Want to spend more time doing deep work?
TIP -> Two ways to train your deep work muscle are to:
- Schedule your day — schedule deep work blocks and shallow work (multitasking) blocks
- Take scheduled and structured breaks to allow your mind to fully relax (don’t scroll FB though! See why below).
Have you ever caught yourself scrolling through Facebook, unable to take your eyes away? Then afterwards feeling like you were sucked into a time-warp…having no idea what time it is? Sometimes you mindlessly scroll through social media to relax, or when you feel tired, bored or lonely. Yet…do you feel better after it?

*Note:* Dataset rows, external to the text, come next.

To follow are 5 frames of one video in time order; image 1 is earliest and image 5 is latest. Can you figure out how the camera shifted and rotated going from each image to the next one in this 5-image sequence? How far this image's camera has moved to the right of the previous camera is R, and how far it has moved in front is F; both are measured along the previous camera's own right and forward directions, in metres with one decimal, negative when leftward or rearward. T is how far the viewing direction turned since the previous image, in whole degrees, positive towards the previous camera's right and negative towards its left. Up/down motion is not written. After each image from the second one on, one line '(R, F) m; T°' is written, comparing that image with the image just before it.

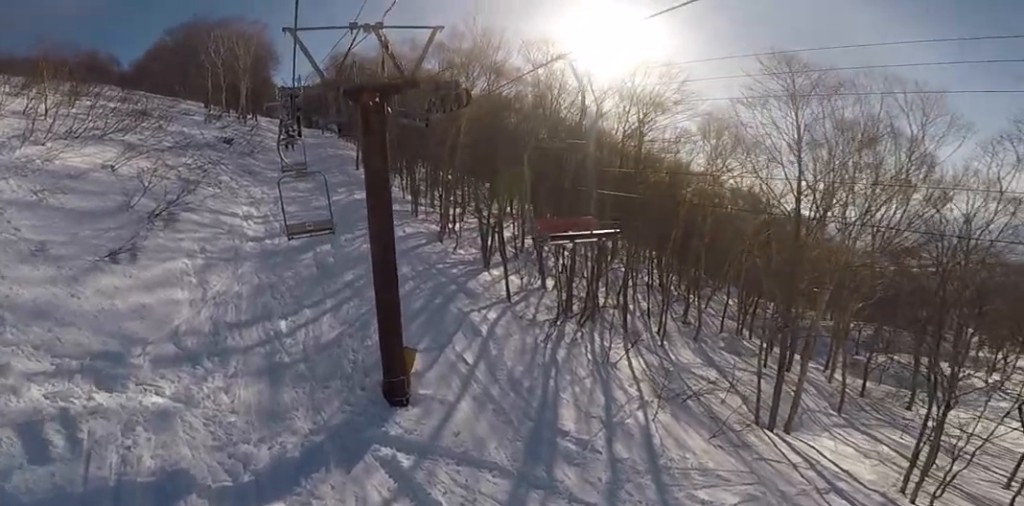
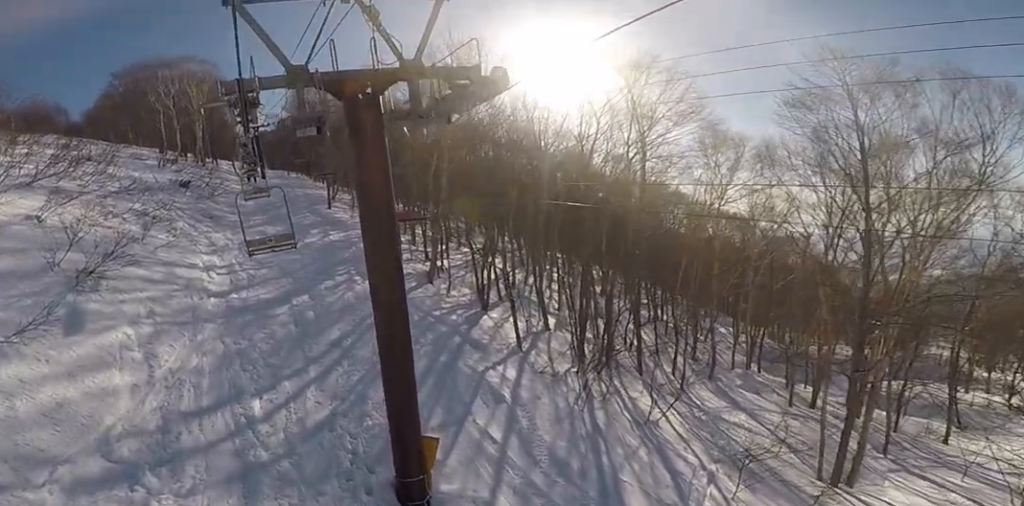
(-0.2, +3.8) m; -3°
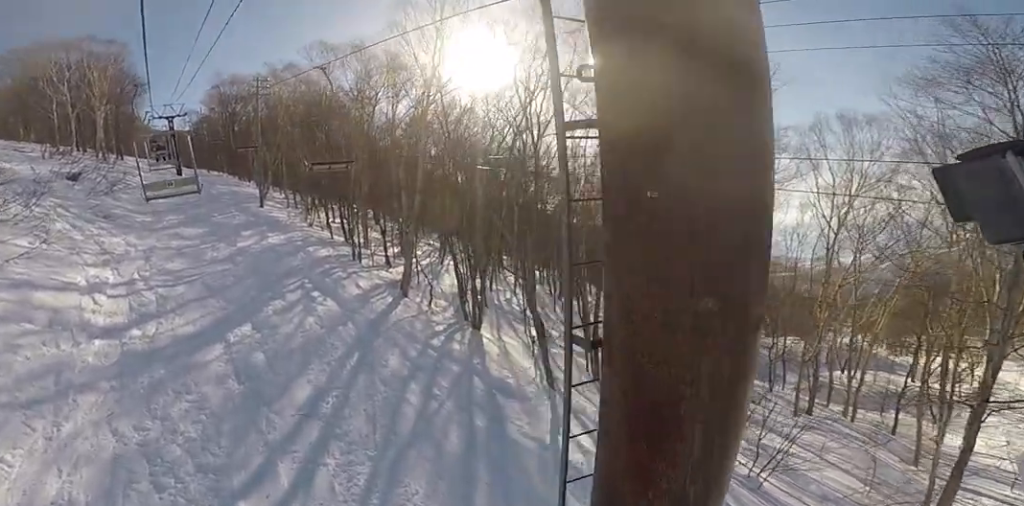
(0.0, +6.5) m; 0°
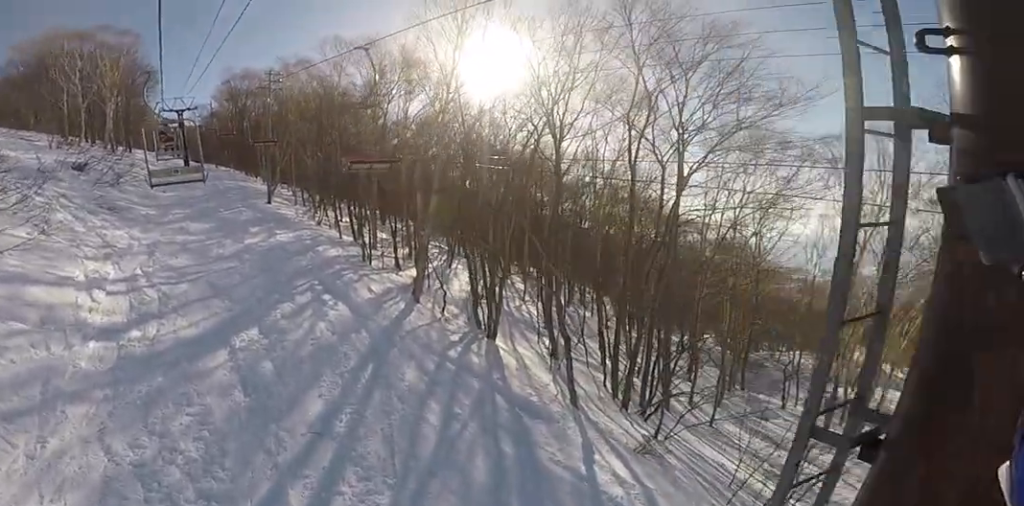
(0.0, +1.1) m; 0°
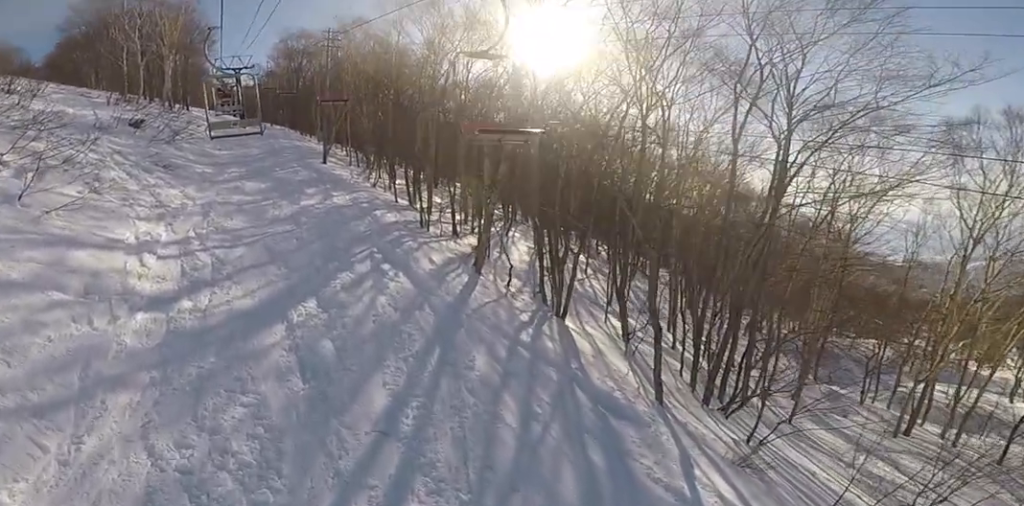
(0.0, +1.5) m; 0°

No surprise here, social media is addicting. When you’re constantly checking your Twitter, Facebook, Instagram every time you have a two minute break from your day, you aren’t letting your brain relax and take a break which decreases attention, focus, and concentration.
Want to start limiting or at least monitoring your social media usage?
TIP -> Schedule into your calendar when you check your social media updates and only at that time. Notice how you feel after your next long scroll session. Do you feel refreshed? Energized? Or do you feel like a zombie?
So how do you implement all of this information? Where do you start?
Step 1: Identify where you are at. Use this article like a checklist. What are you already doing? What are you struggling with? What do you want to work on?
Step 2: Start at the top and work your way down. Sugar addict? Work on getting that under control first (if it seems like it’s out of control…come see us!).
Step 3: Incorporate only 1-2 things at a time. It’s better to start small and continue those actions than to start big and stop a few weeks later because you’re burned out.